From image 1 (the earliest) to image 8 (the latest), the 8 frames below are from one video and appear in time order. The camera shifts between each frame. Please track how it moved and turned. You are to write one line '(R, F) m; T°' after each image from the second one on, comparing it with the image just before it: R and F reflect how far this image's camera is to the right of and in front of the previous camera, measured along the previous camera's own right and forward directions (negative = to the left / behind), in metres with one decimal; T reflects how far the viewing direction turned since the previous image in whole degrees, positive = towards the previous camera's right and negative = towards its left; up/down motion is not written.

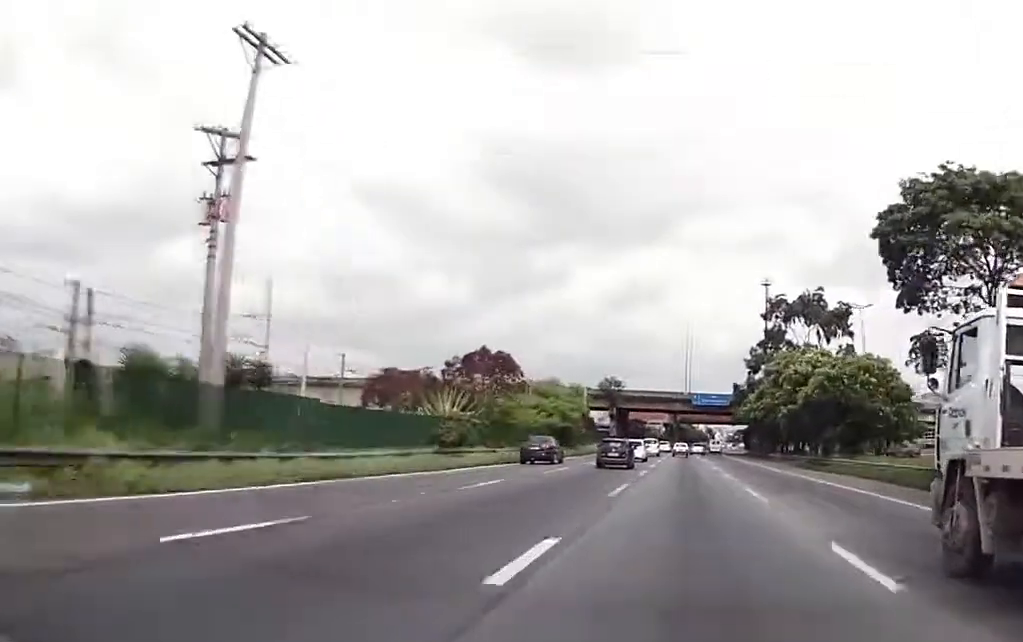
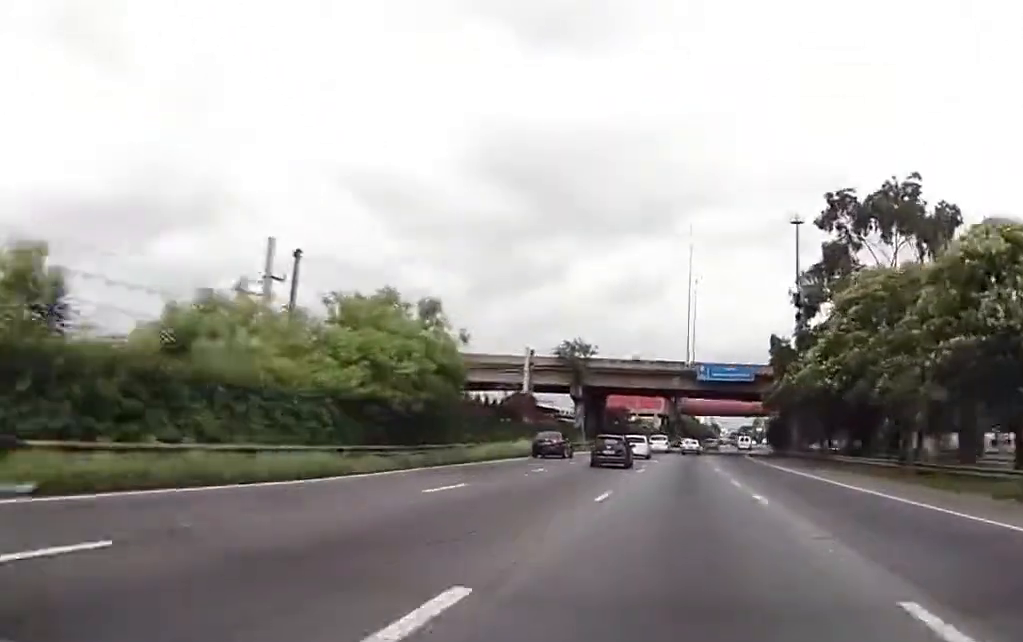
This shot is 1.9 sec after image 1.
(-0.1, +43.0) m; 0°
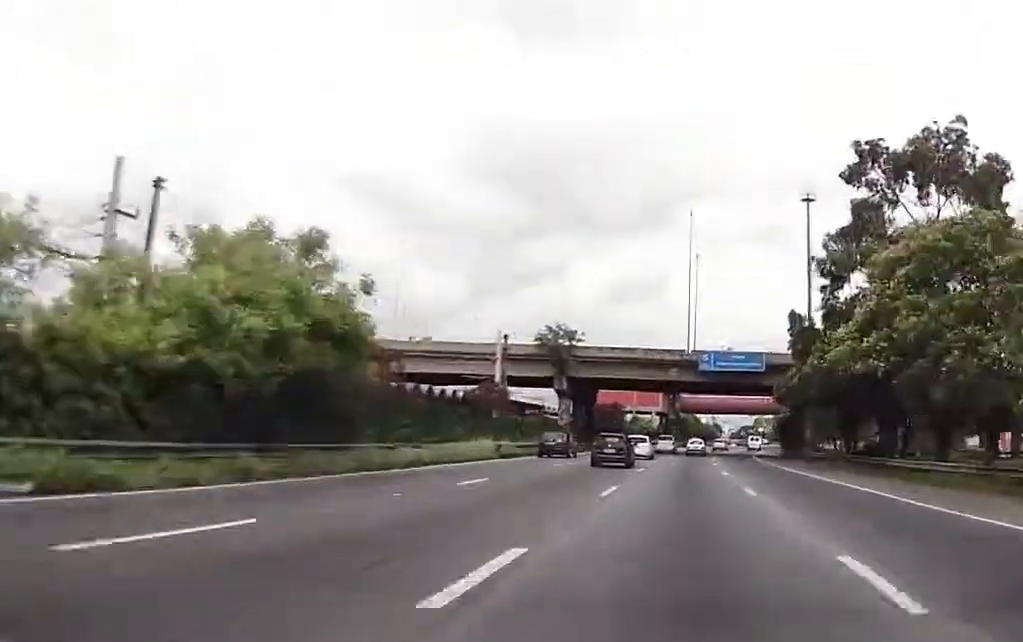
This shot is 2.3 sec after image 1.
(0.0, +10.0) m; 0°
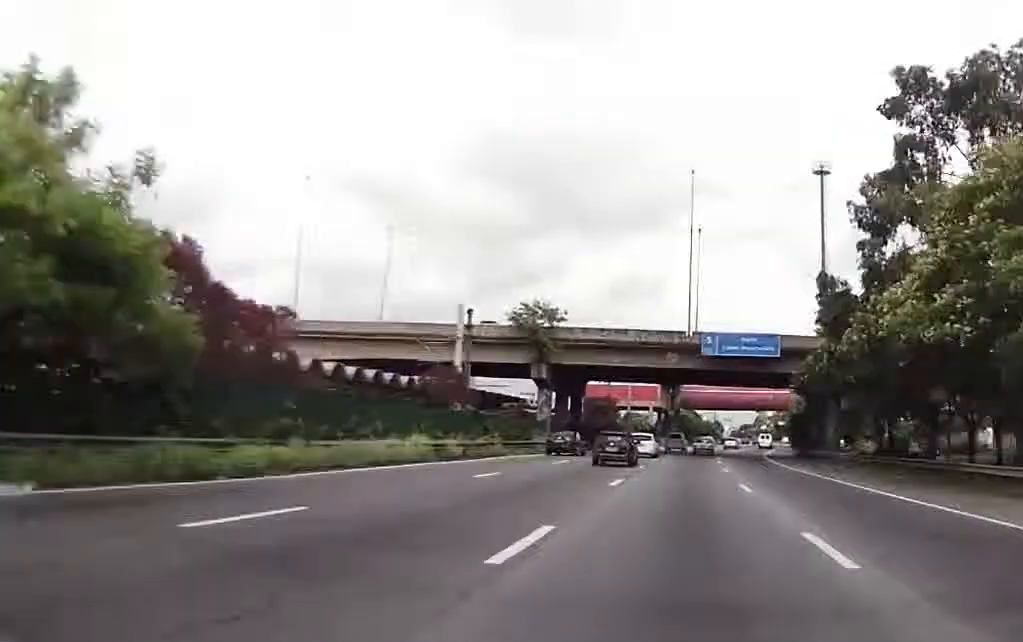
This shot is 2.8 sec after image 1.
(-0.1, +10.7) m; 0°
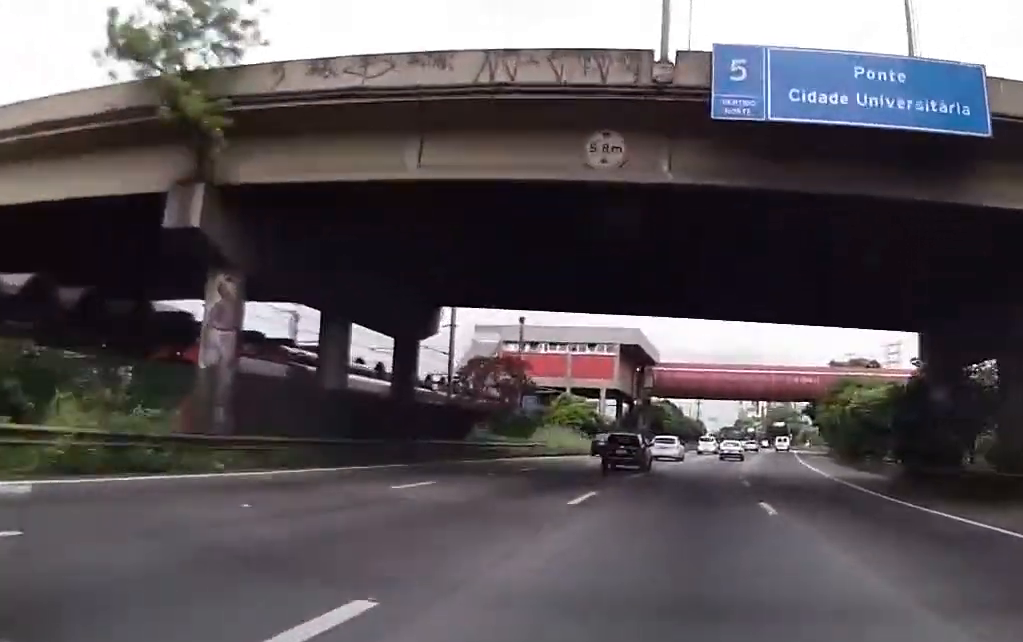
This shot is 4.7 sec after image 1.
(+0.2, +44.6) m; +2°
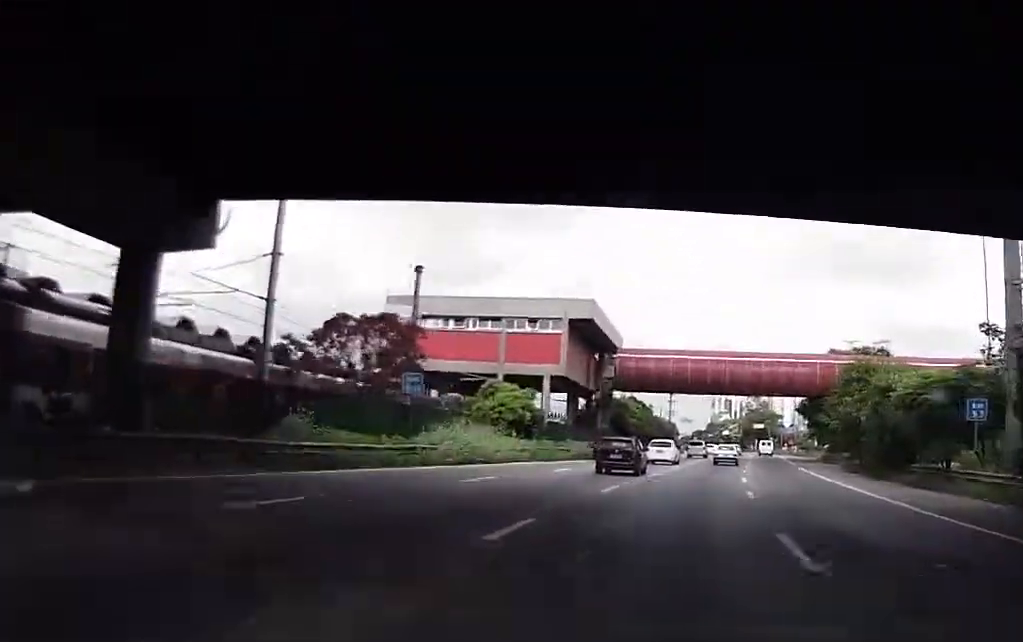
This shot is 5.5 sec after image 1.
(+0.3, +17.0) m; +1°
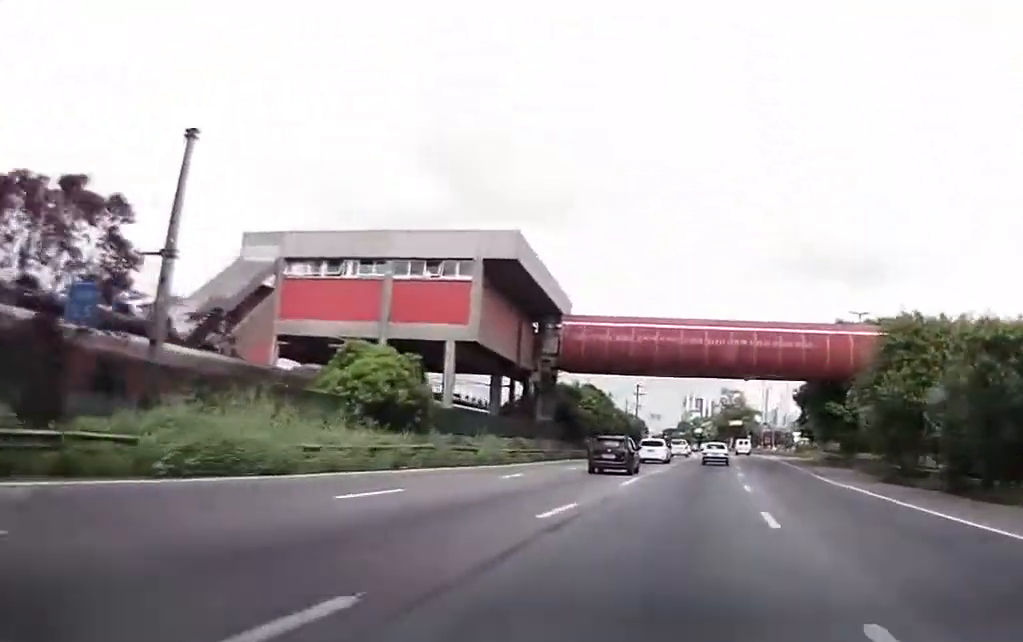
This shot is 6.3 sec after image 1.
(+0.3, +17.4) m; +1°
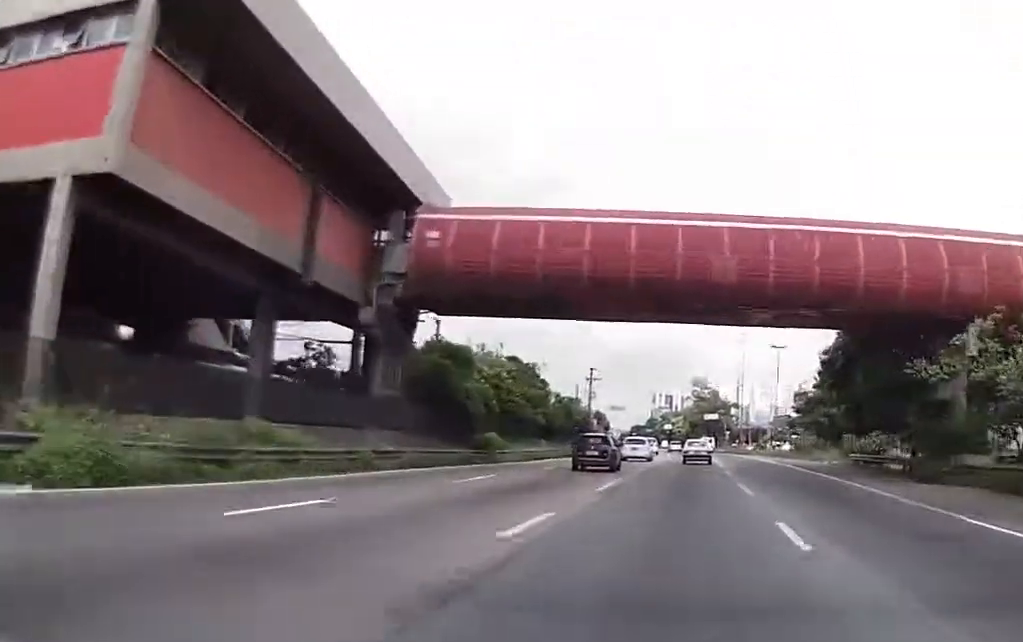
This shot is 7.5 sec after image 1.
(0.0, +24.5) m; +1°

========================================

== Exercise goal ==
When you print the records above, keep them exact and leave out the pictures.

== Task solution ==
From image 1 (the earliest) to image 8 (the latest), the 8 frames below are from one video and appear in time order. The camera shifts between each frame. Please track how it moved and turned. You are to write one line '(R, F) m; T°' after each image from the second one on, comparing it with the image just before it: R and F reflect how far this image's camera is to the right of and in front of the previous camera, measured along the previous camera's own right and forward directions (negative = to the left / behind), in metres with one decimal; T reflects how far the viewing direction turned since the previous image in whole degrees, positive = towards the previous camera's right and negative = towards its left; up/down motion is not written.

This shot is 1.9 sec after image 1.
(-0.1, +43.0) m; 0°
This shot is 2.3 sec after image 1.
(0.0, +10.0) m; 0°
This shot is 2.8 sec after image 1.
(-0.1, +10.7) m; 0°
This shot is 4.7 sec after image 1.
(+0.2, +44.6) m; +2°
This shot is 5.5 sec after image 1.
(+0.3, +17.0) m; +1°
This shot is 6.3 sec after image 1.
(+0.3, +17.4) m; +1°
This shot is 7.5 sec after image 1.
(0.0, +24.5) m; +1°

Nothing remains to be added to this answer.